Data Mining Series (1) the basic concept and aprior algorithm of association rule Mining

Source: Internet
Author: User
Tags empty

I plan to organize the basic concepts and algorithms of data mining, including association rules Mining, classification, clustering of common algorithms, please look forward to. Today we are talking about the most basic knowledge of association rule mining.

Association rules mining has been widely used in electric business, retailing, atmospheric physics and Biomedicine, this article will introduce some basic knowledge and aprori algorithm.
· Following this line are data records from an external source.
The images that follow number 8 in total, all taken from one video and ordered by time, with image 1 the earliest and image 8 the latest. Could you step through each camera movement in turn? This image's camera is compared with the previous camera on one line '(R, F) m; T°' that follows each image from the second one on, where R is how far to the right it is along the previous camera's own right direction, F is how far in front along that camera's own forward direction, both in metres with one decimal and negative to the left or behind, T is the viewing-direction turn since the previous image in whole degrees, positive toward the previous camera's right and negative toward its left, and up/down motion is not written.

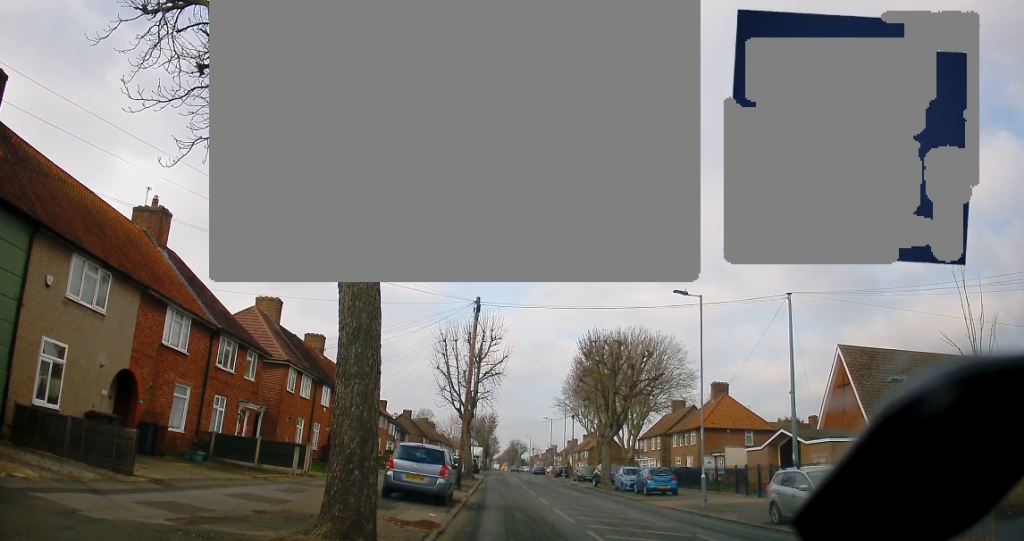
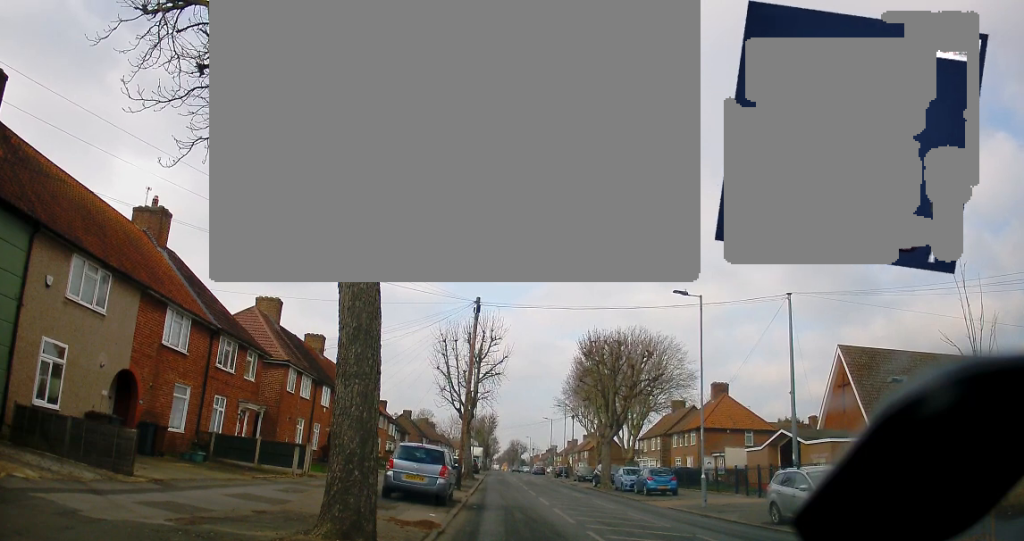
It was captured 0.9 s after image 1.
(0.0, 0.0) m; 0°
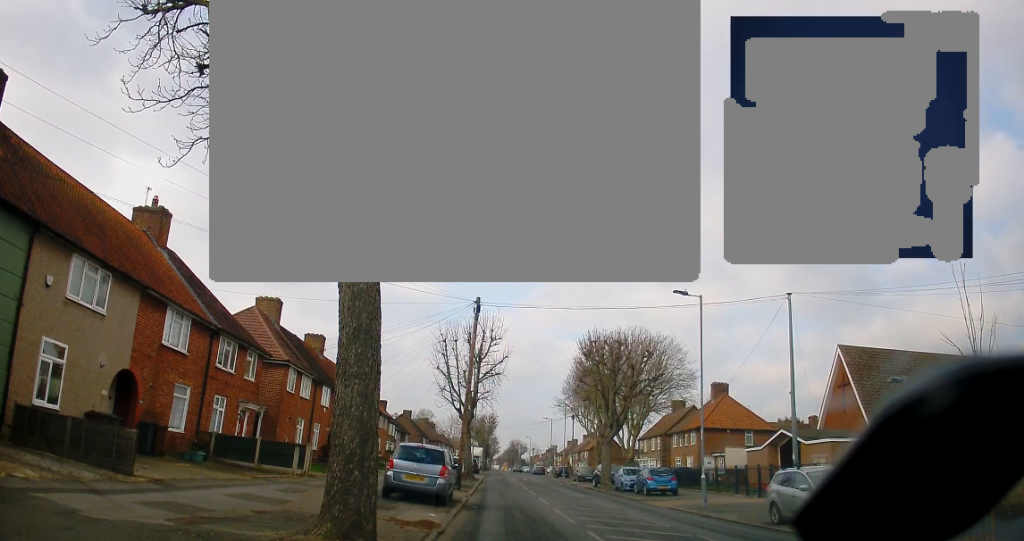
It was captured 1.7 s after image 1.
(0.0, 0.0) m; 0°
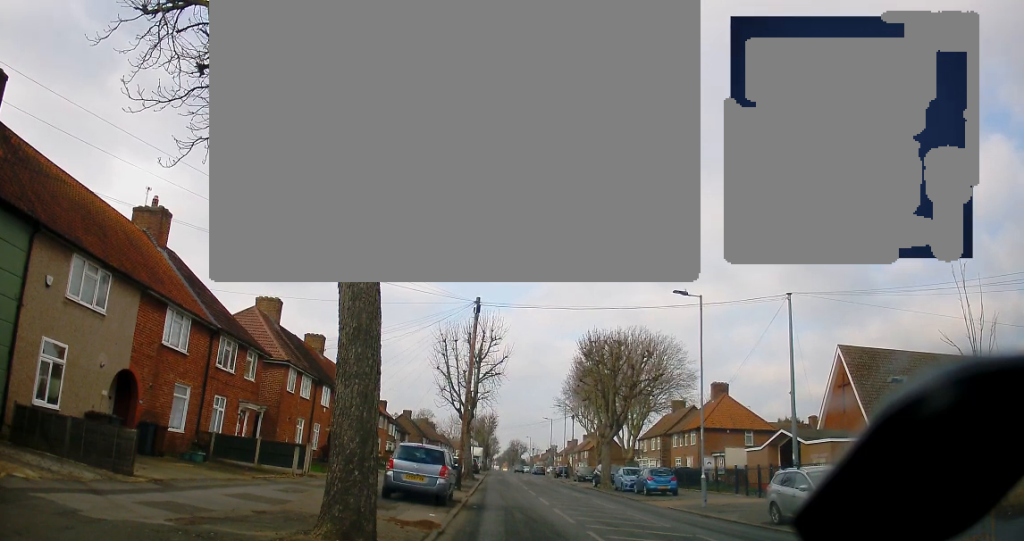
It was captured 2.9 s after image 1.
(0.0, 0.0) m; 0°
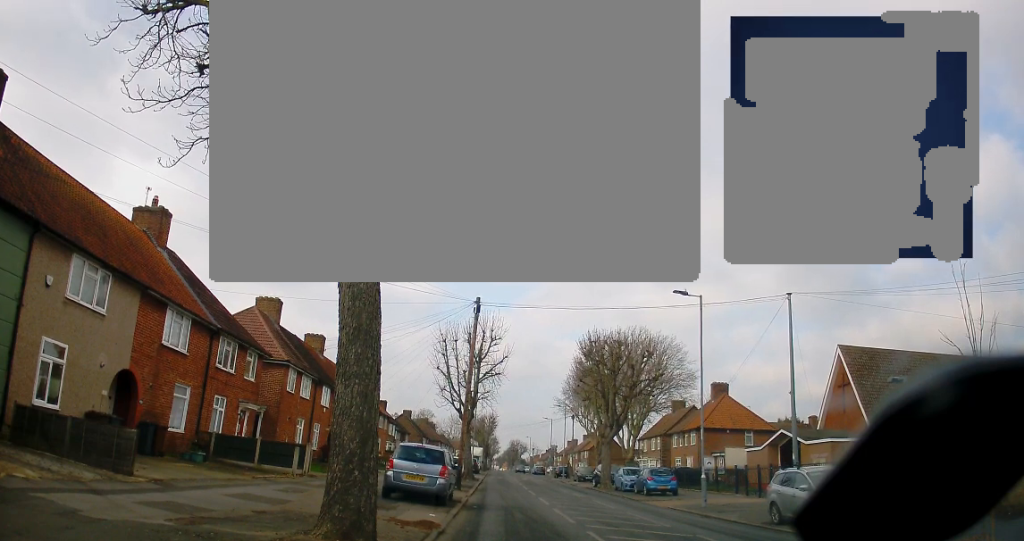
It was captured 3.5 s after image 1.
(0.0, 0.0) m; 0°
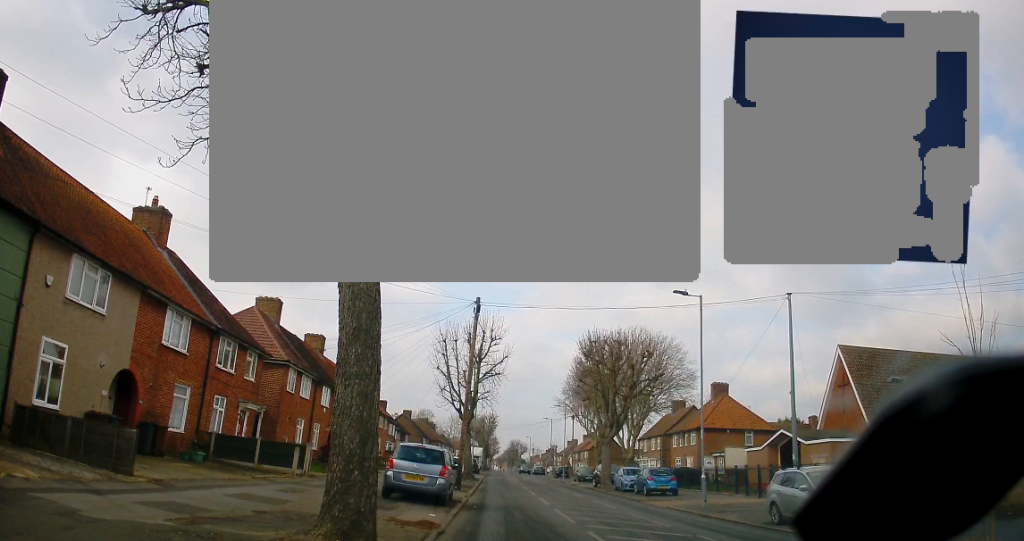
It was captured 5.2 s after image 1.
(0.0, 0.0) m; 0°
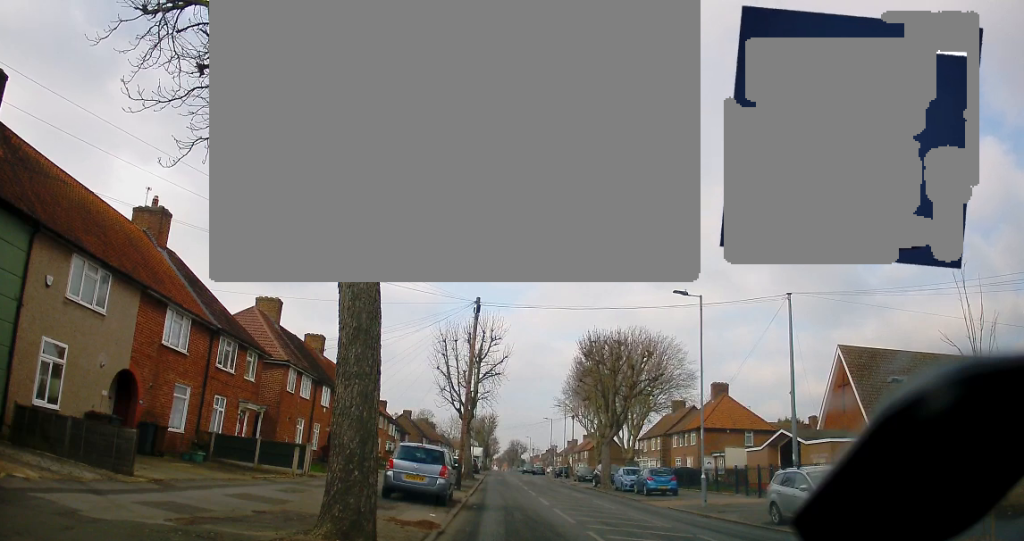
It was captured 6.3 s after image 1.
(0.0, 0.0) m; 0°
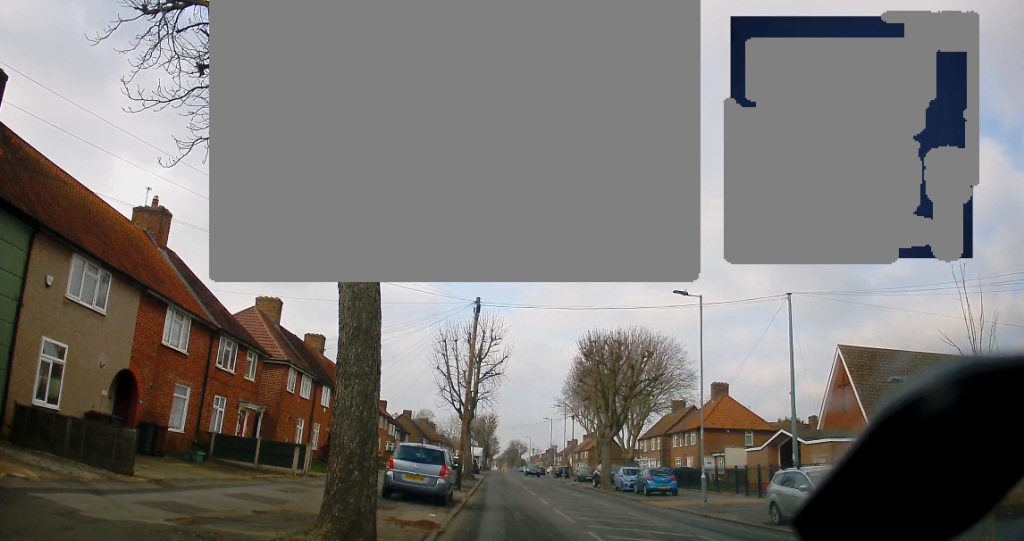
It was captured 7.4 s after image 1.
(0.0, 0.0) m; 0°

The story of beer and diapers has become a classic case of association rule Mining, and a book called "Beer and diapers", although the story was coined by the Harvard Business School, is a good explanation for the principles of Mining Association rules. Here we use a supermarket basket mini dataset to explain the basic concepts of association rule mining:

Each row in the table represents a purchase list (note that you purchase 10 cartons of milk only once, that is, to record only the appearance or otherwise of a product). The collection of all items in a data record is called the total item set, and the total item in the table above is set s={milk, bread, diapers, beer, eggs, cola.

Definition of association rule, confidence degree and self-sustaining degree

Association rules are associated rules that are defined in this way: two disjoint non-empty sets X, Y, and if there is a x-->y, say X-->y is an association rule. For example, in the above table, we find that buying beer will definitely buy diapers, {beer}-->{diaper} is an association rule. The strength of association rules is described by the support degree (support) and the confidence degree (confidence).
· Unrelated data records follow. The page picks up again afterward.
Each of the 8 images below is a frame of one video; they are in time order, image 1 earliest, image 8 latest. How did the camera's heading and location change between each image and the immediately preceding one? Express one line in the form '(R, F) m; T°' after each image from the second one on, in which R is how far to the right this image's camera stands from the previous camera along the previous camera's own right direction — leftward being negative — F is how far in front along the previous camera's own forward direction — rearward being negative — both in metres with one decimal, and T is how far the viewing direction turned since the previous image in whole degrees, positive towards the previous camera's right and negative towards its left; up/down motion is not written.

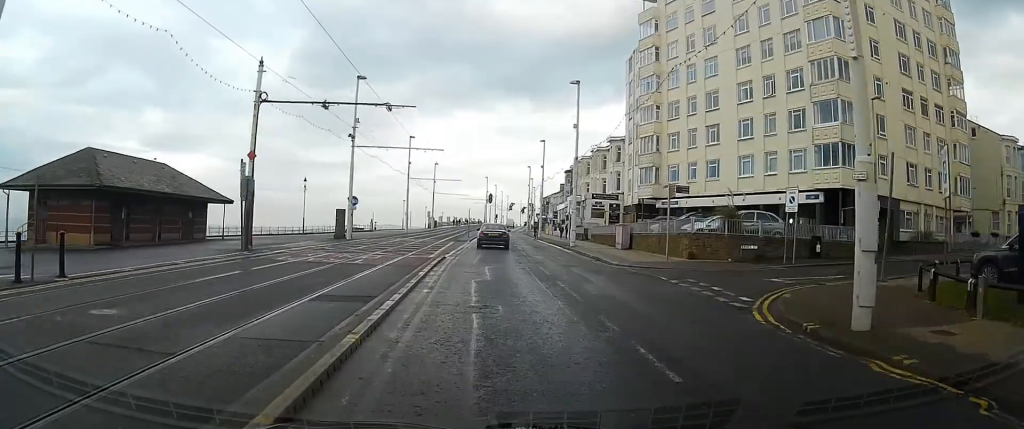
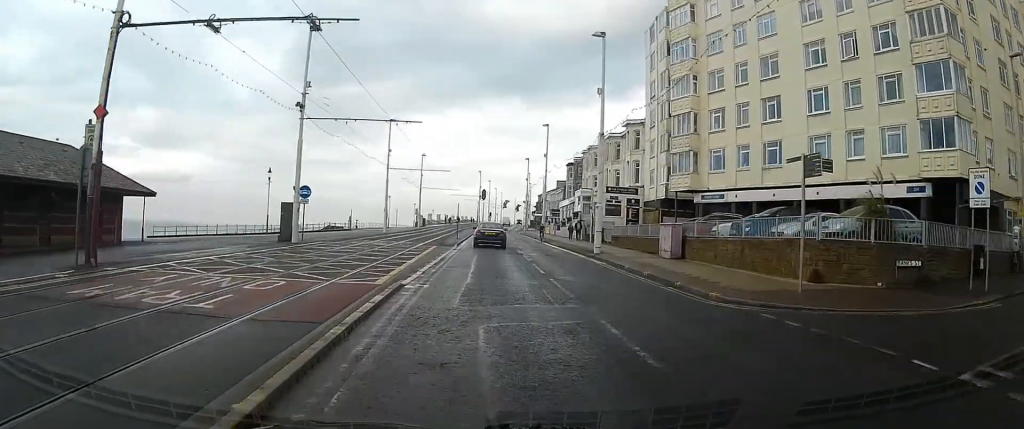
(+0.2, +11.2) m; +2°
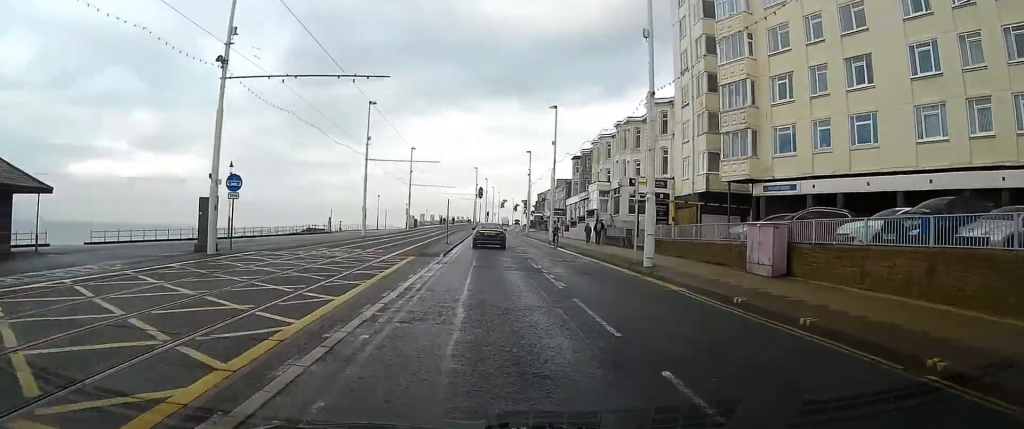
(+0.1, +10.1) m; +1°
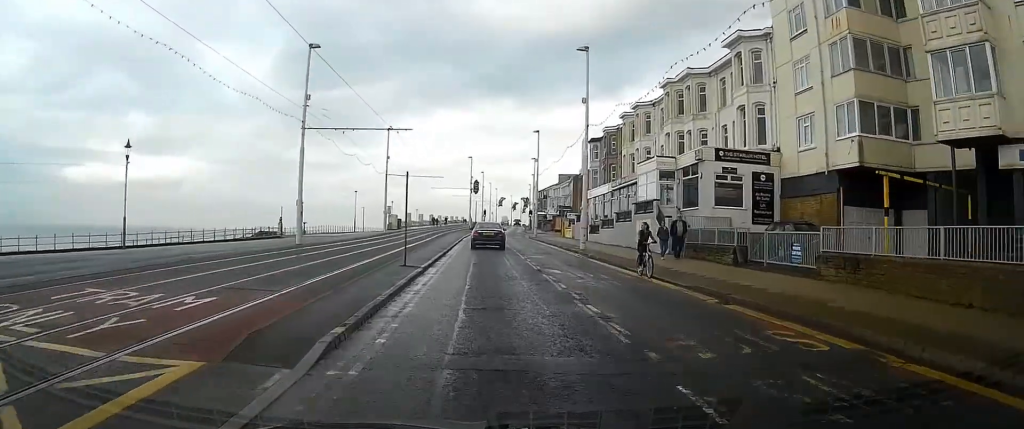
(+0.1, +18.2) m; +1°
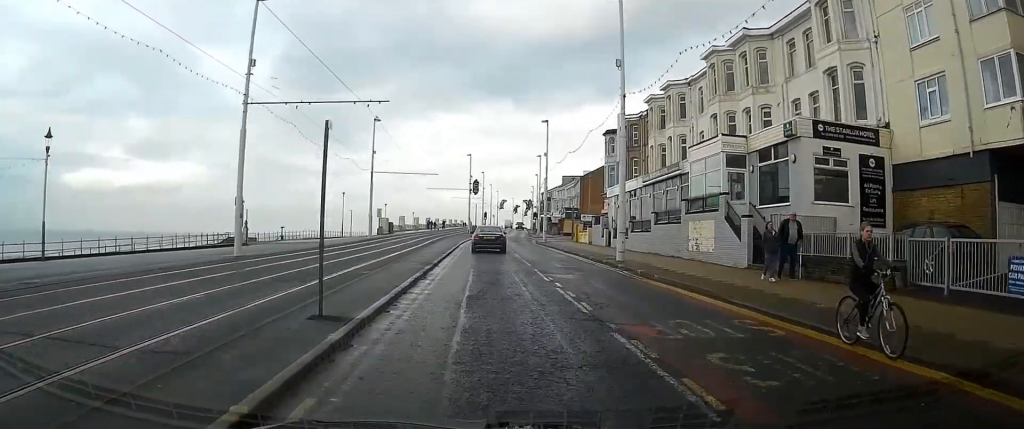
(0.0, +9.2) m; +1°
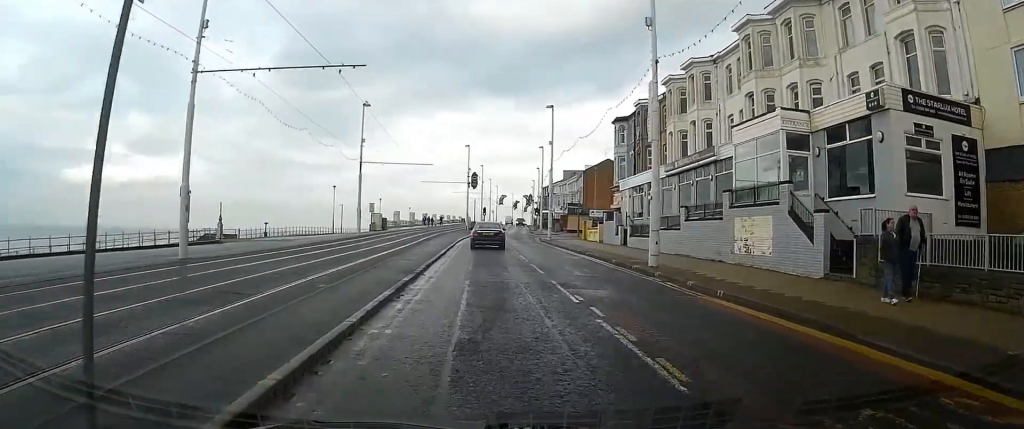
(+0.1, +5.1) m; 0°
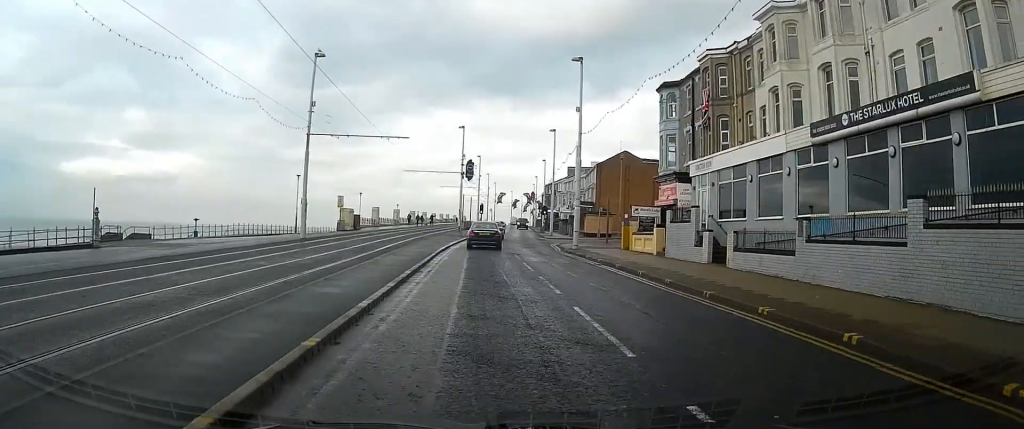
(-0.1, +16.1) m; 0°
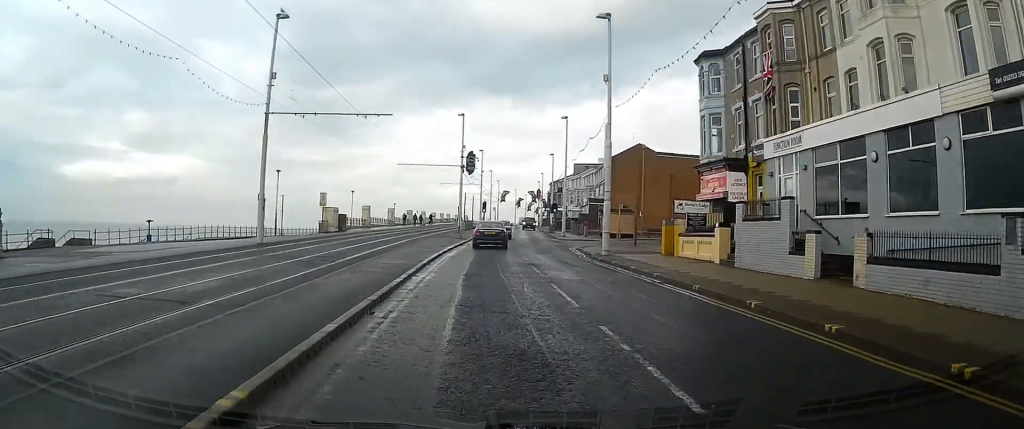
(+0.1, +8.1) m; +1°

Definition of support: Support (x-->y) = | X and y|/n= the number of times/data records that a collection x and the items in set y appear in a single record. For example: Support ({beer}-->{diaper}) = number of simultaneous occurrences of beer and diapers/data records = 3/5=60%.

Definition of self-reliability: confidence (x-->y) = | X and y|/| X| = Number of occurrences/set X in a record for the items in the collection X and in the set Y. For example: Confidence ({beer}-->{diaper}) = number of concurrent beers and diapers/number of times beer appears =3/3=100%;confidence ({diaper}-->{beer}) = number of concurrent beers and diapers/diaper occurrences = 3/ 4 = 75%.

Here the definition of support and self-confidence are relative support and self-confidence, not absolute support, absolute support abs_support = data record number N*support.

The higher the degree of support and confidence, the stronger the rule, the mining of association rules is the rule to meet a certain strength.

The definition and steps of mining Association rules

Association rule Mining Definition: Given a transaction dataset T, find out the association rules of all the support degrees support >= Min_support, confidence degree confidence >= min_confidence.

There is a simple and rude way to find the rules that are needed, that is all the combination of the exhaustive set, and tests whether each combination satisfies the condition, and the number of items with an element of N is 2^n-1 (excluding the empty set), and the time complexity required is obviously O (2^n), for ordinary supermarkets, The item set number of the commodity is also above 10,000, and the algorithm with exponential time complexity cannot solve the problem in an acceptable time. How to dig fast the association rules satisfying the condition is the main problem to be solved in the association mining.

Think about it, and we'll find that for {beer--> diaper},{diaper--> Beer} The support of these two rules actually only needs to calculate the support of the {diaper, beer}, that is, the degree of support they intersect. So we put the association rule mining in two steps:

1) Generating frequent itemsets

This phase identifies all set of items that meet the minimum degree of support, which is called the frequent item set.

2) Generating Rules

A rule that satisfies the minimum confidence level is generated on the basis of the frequent itemsets generated in the previous step, and the resulting rules are called strong rules.

The time spent in mining association rules is mainly on generating frequent itemsets, because the frequent itemsets often do not find many, the use of frequent itemsets to generate rules will not spend too much time, and generate frequent itemsets need to test a lot of alternatives set, if not optimized, the time required is O (2^n).

Related Keywords:

The content source of this page is from Internet, which doesn't represent Alibaba Cloud's opinion; products and services mentioned on that page don't have any relationship with Alibaba Cloud. If the content of the page makes you feel confusing, please write us an email, we will handle the problem within 5 days after receiving your email.

If you find any instances of plagiarism from the community, please send an email to: info-contact@alibabacloud.com and provide relevant evidence. A staff member will contact you within 5 working days.

A Free Trial That Lets You Build Big!

Start building with 50+ products and up to 12 months usage for Elastic Compute Service

• Sales Support

1 on 1 presale consultation

• After-Sales Support

24/7 Technical Support 6 Free Tickets per Quarter Faster Response

• Alibaba Cloud offers highly flexible support services tailored to meet your exact needs.